Would MongoDB be a good fit for my industry?

I work in the promotional products industry. We sell pretty much anything that you can print, embroider, engrave, or any other method to customize. Popular products are pens, mugs, shirts, caps, etc. Because we have such a large variety of products, storing information about these products including all the possible product options, decoration options, and all associated extra charges gets extremely complicated. So much so, that although many have tried, no one has been able to provide industry product data in such a way that you could algorithmically turn the data into an eCommerce store without some degree of data massaging. It seems near impossible to store this information to properly in a relational database. I am curious if MongoDB, or any other NoSQL option, would allow me to model the information in such a way that makes it easier to store and manipulate our product information better than an RDBMS like MySQL. The company I work for is over 100 years old and has been using DB2 on an AS400 for many years. I'll need some good reasons to convince them to go with a non relational DB solution.
A common example product used in our industry is the Bic Clic Stic Pen which has over 20 color options each for barrel and trim colors. Even more colors to choose for silkscreen decoration. Then you can choose additional options for what type of ink to use. There are multiple options for packaging. After all that is selected, you have additional option for rush processing. All of these options may or may not have additional charges that can be based on how many pens you order or how many colors in your decoration.

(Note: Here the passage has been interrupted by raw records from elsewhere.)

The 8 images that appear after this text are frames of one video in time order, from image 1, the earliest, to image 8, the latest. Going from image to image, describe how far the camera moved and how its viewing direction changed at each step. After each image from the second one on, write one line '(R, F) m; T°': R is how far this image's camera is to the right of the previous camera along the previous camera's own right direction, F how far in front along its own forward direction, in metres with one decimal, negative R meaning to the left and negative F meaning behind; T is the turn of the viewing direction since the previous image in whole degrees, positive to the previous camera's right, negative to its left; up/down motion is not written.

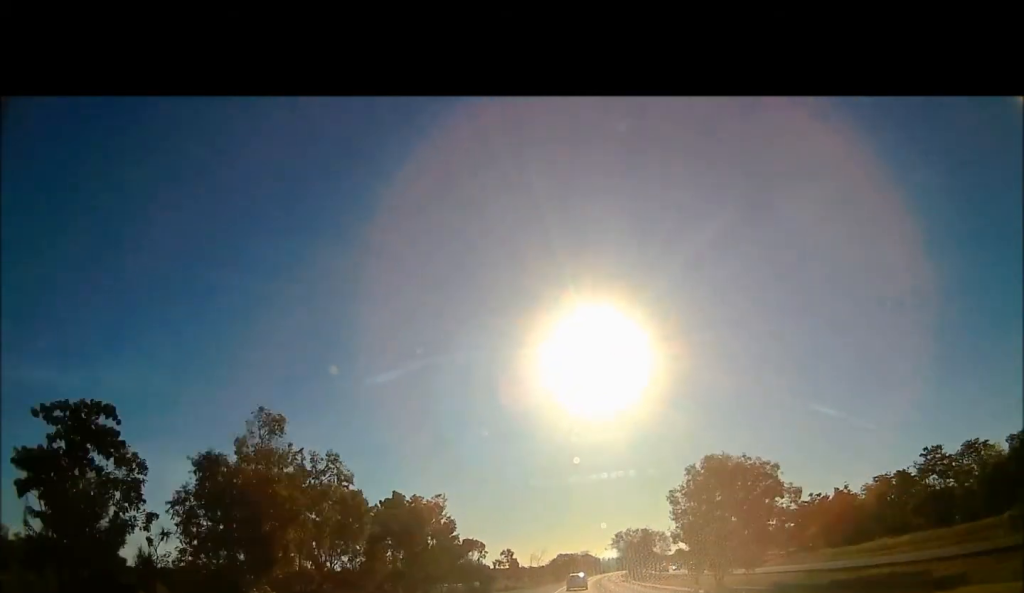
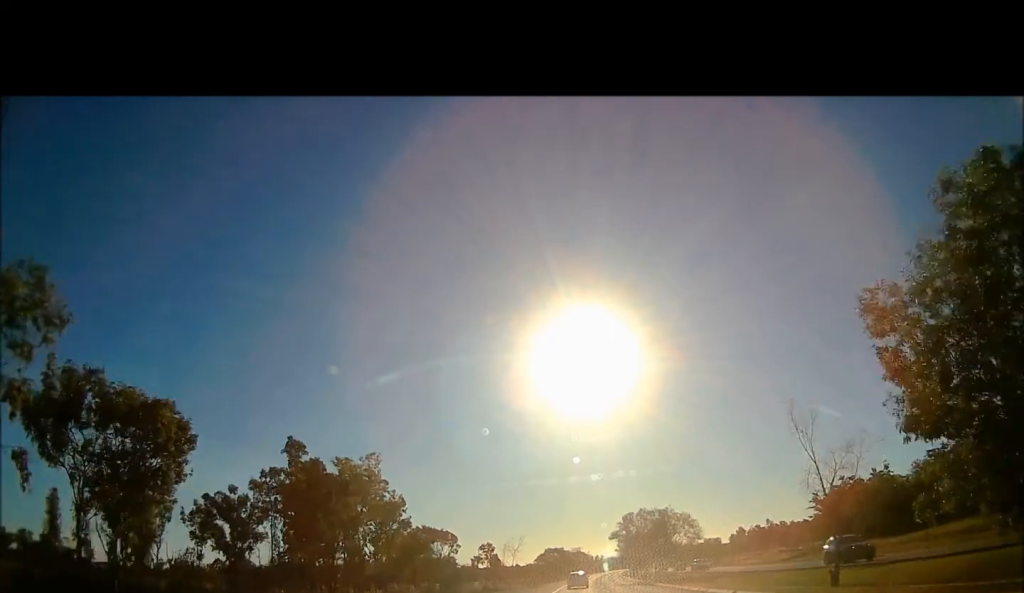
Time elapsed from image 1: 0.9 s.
(+0.1, +28.3) m; -1°
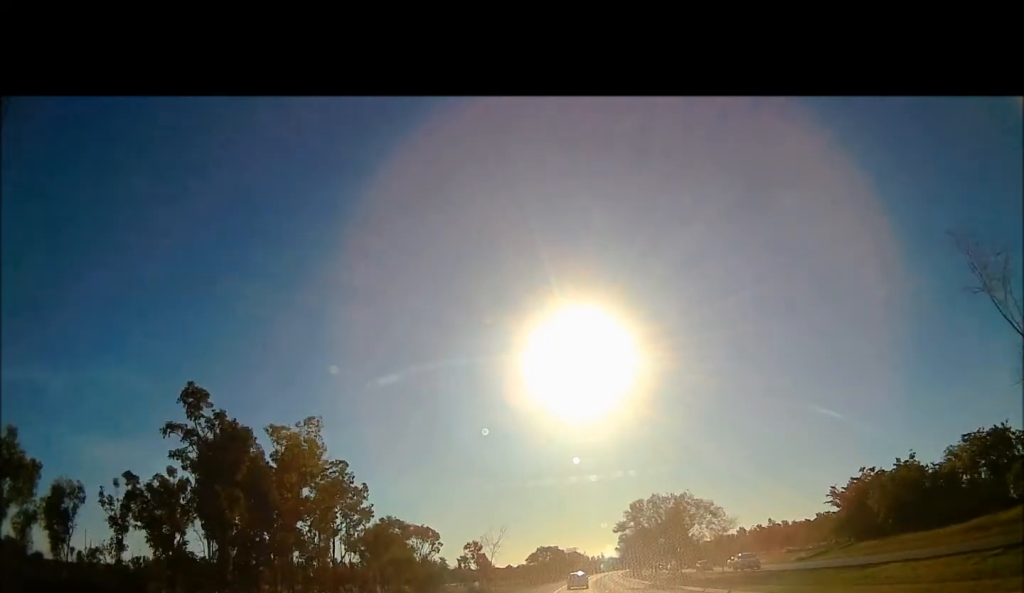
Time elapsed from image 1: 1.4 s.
(-0.2, +14.3) m; 0°
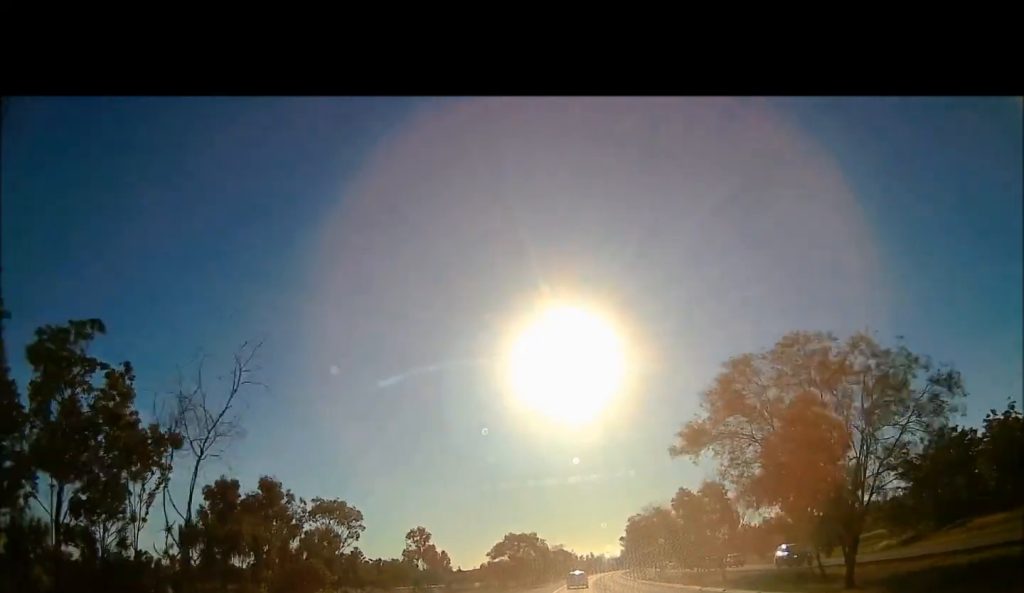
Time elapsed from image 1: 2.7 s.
(0.0, +39.8) m; +1°
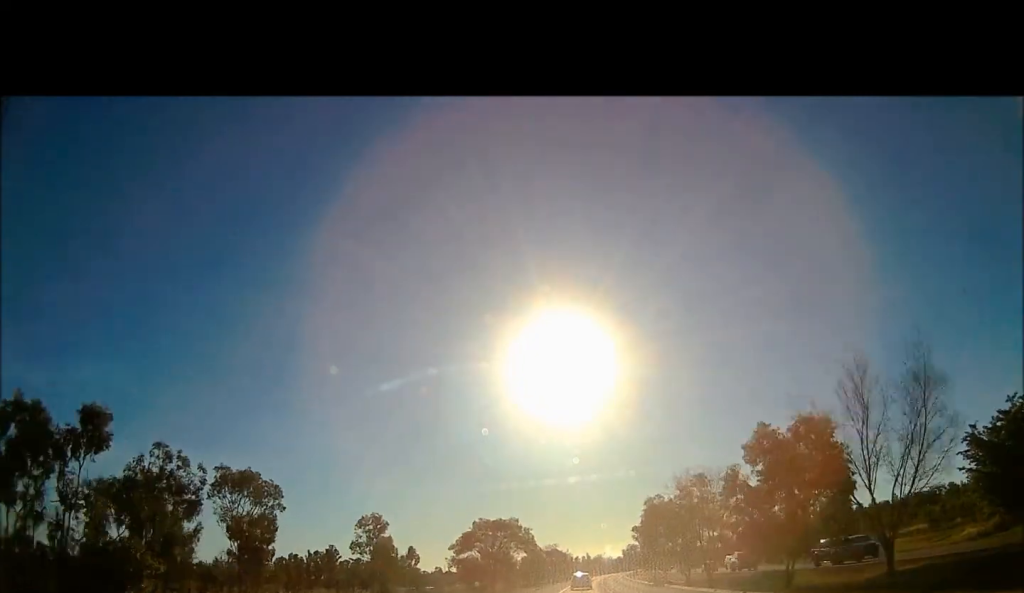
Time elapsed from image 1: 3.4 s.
(+0.2, +22.3) m; 0°
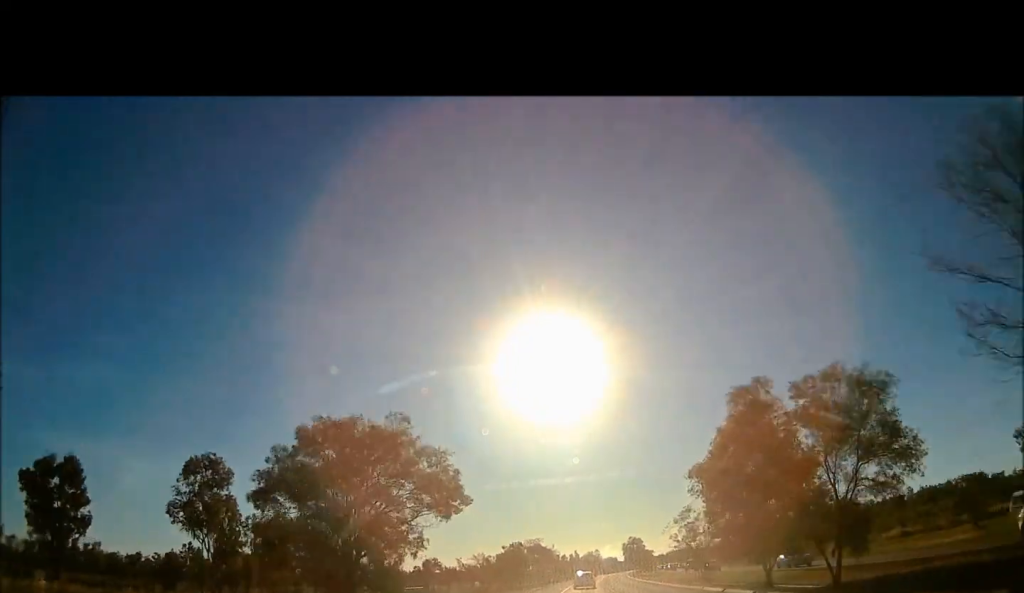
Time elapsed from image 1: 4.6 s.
(+0.1, +35.5) m; +2°
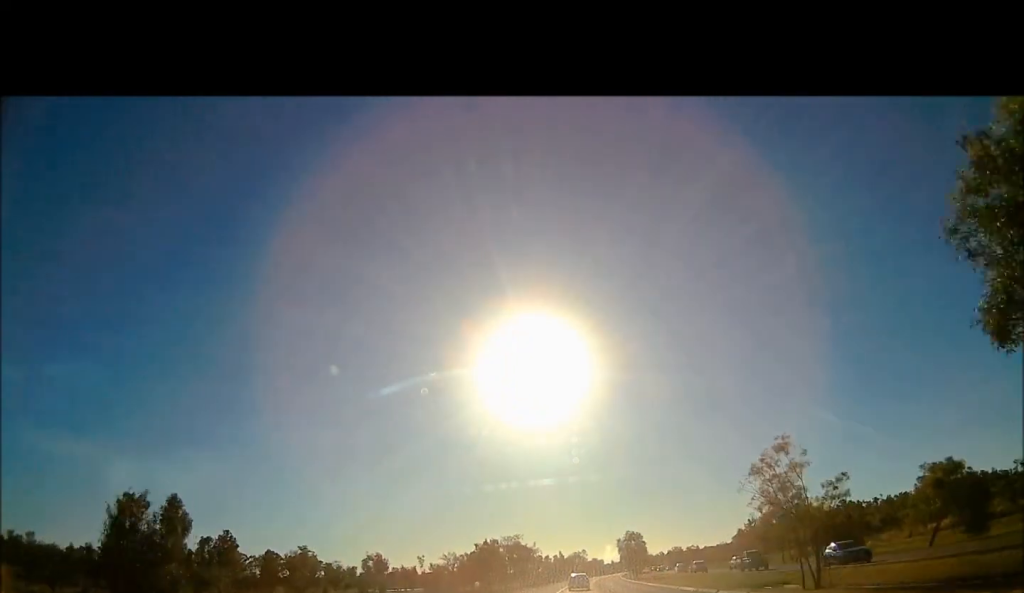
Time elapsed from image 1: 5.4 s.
(+0.4, +24.5) m; +2°
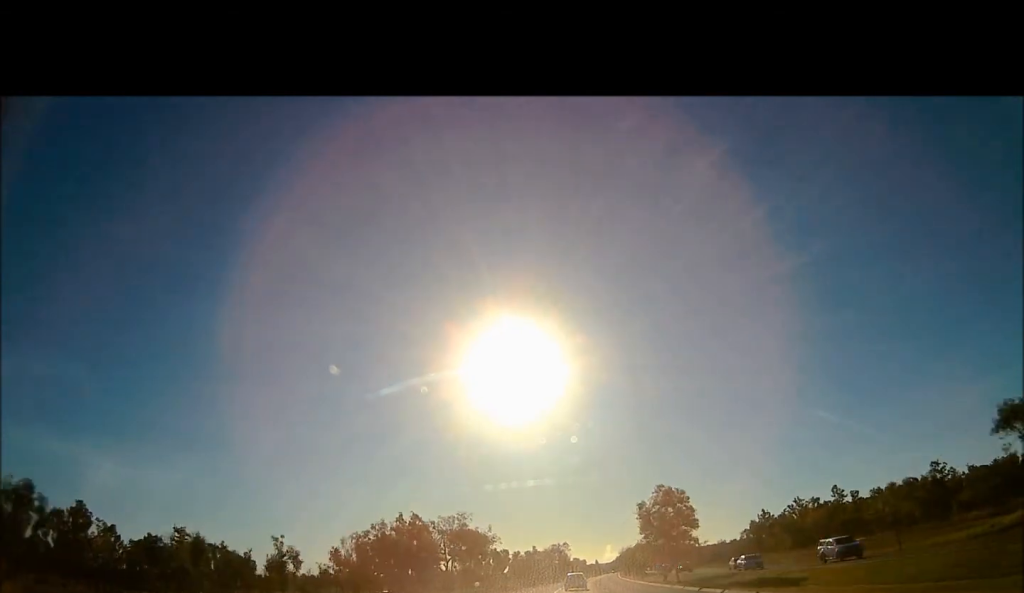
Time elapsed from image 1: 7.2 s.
(+1.6, +55.6) m; +2°

Pricing is usually based on quantity, so ordering 250 pens would be cost more per pen than ordering 1000. Similarly, the extra charge for getting special ink would be cheaper per pen ordered when you order 1000 than 250.
Without wanting to sound harsh, this has the ring of a silver bullet question.

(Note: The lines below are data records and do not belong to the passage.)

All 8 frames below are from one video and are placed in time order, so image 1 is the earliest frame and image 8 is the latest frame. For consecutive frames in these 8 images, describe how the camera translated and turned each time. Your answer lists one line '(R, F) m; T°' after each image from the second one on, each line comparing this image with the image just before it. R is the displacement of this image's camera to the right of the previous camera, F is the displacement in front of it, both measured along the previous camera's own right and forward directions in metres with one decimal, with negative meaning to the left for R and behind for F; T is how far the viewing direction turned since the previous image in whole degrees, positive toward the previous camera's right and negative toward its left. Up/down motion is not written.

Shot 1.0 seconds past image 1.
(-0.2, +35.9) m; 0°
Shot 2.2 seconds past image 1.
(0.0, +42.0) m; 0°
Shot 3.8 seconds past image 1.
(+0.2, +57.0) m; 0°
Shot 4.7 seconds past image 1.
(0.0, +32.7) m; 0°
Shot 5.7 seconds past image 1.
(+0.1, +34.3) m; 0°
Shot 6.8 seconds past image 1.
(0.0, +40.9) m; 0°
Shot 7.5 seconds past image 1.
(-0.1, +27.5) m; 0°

You have an inherently complex business domain. It's not clear to me that a different way of storing your data will have any impact on that complexity - storing documents rather than relational data probably doesn't make it easier to price your pen at $0.02 less if the customer orders more than 250.

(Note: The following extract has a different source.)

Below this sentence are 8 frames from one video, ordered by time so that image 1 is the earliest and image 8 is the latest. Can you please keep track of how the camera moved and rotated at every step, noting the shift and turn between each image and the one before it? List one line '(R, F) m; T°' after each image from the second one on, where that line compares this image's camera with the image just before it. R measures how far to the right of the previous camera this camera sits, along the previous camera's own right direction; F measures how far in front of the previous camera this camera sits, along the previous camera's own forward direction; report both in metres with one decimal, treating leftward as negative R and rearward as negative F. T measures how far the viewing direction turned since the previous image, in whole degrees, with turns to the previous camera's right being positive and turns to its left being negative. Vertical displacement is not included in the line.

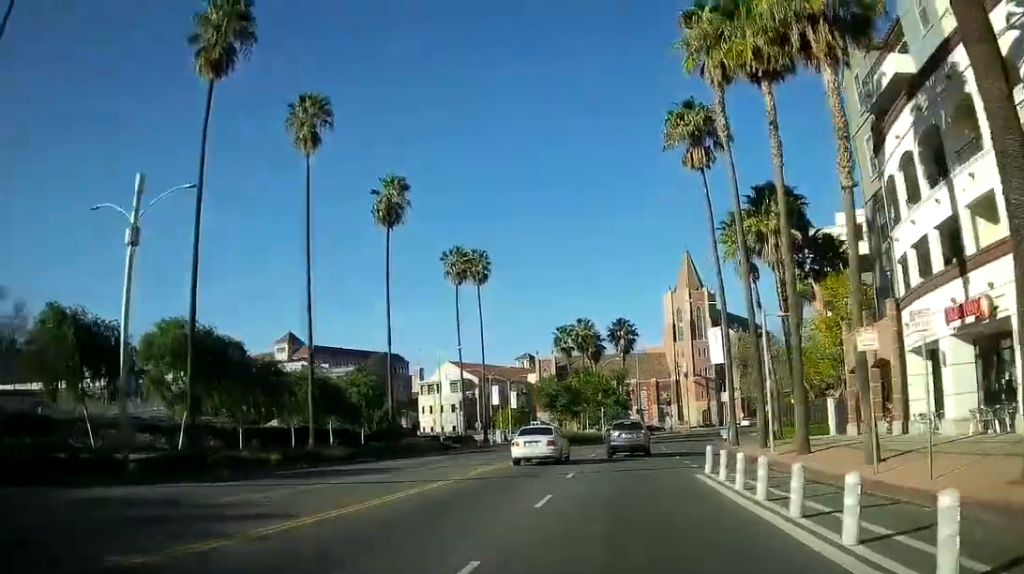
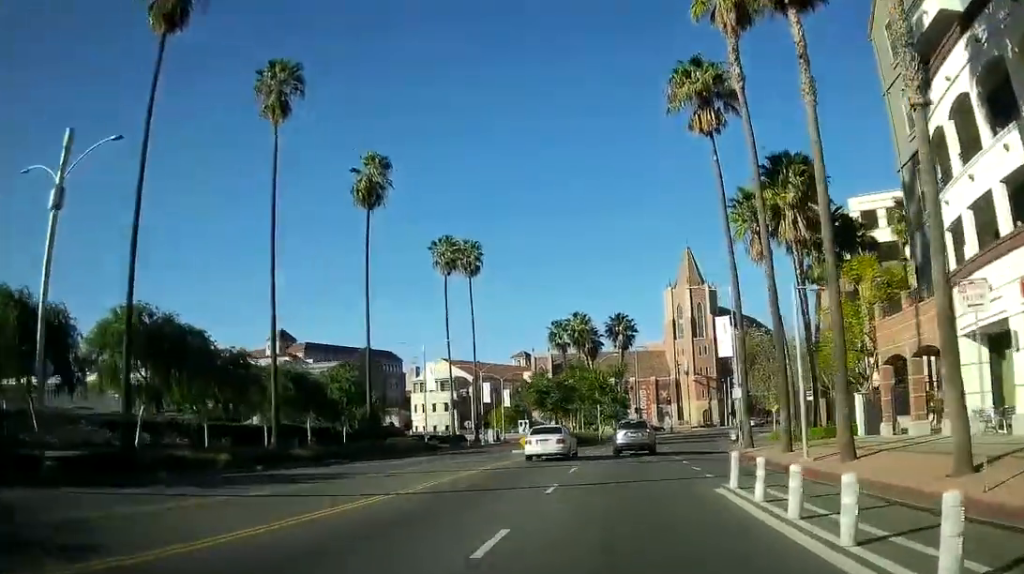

I'd recommend focussing on the business domain, and not worrying too much about the storage mechanism. I'm a big fan of Domain Driven Design - this sounds like a perfect case for that approach.
Using a document database won't solve your problem completely, but it probably can help.
If your documents represent the options available on a product and an order for that product, in most cases you will be accessing the document as a whole - it's nothing you can't do with SQL, but a good fit for a document database. Since the structure of the documents is flexible, it is relatively easy to define an object within the document as a complex type to define a particular option or rule without changing the database.
However, that only helps with the data - your real problem is on the UI side. The two documents together map directly to the order form, but whatever method you use to define the options/rules some of the products are going to end up with extremely complex settings pages.
Yes, MongoDB is what you need. It doesn't have a strict documents structure, so you'll be able to create set of models you need and embed them into your product page in any order and combinations you need. Actually its possible to work with this data without describing the real model fields directly, so I (for example) can use fields my Rails application doesn't know about at all.
Also MongoDB is extremely easy to set up for replication and sharding. Also it supports GridFS virtual filesystem, so you can store images for your products with documents which describe them and manipulate them as a single object easily.
You should definitely give it a try.
UPD: Anyway it would be good to keep your RDBMS for financial data and crunching numbers, like grouping reports for the sales analysys and so on. NoSQL bases aren't very good at this.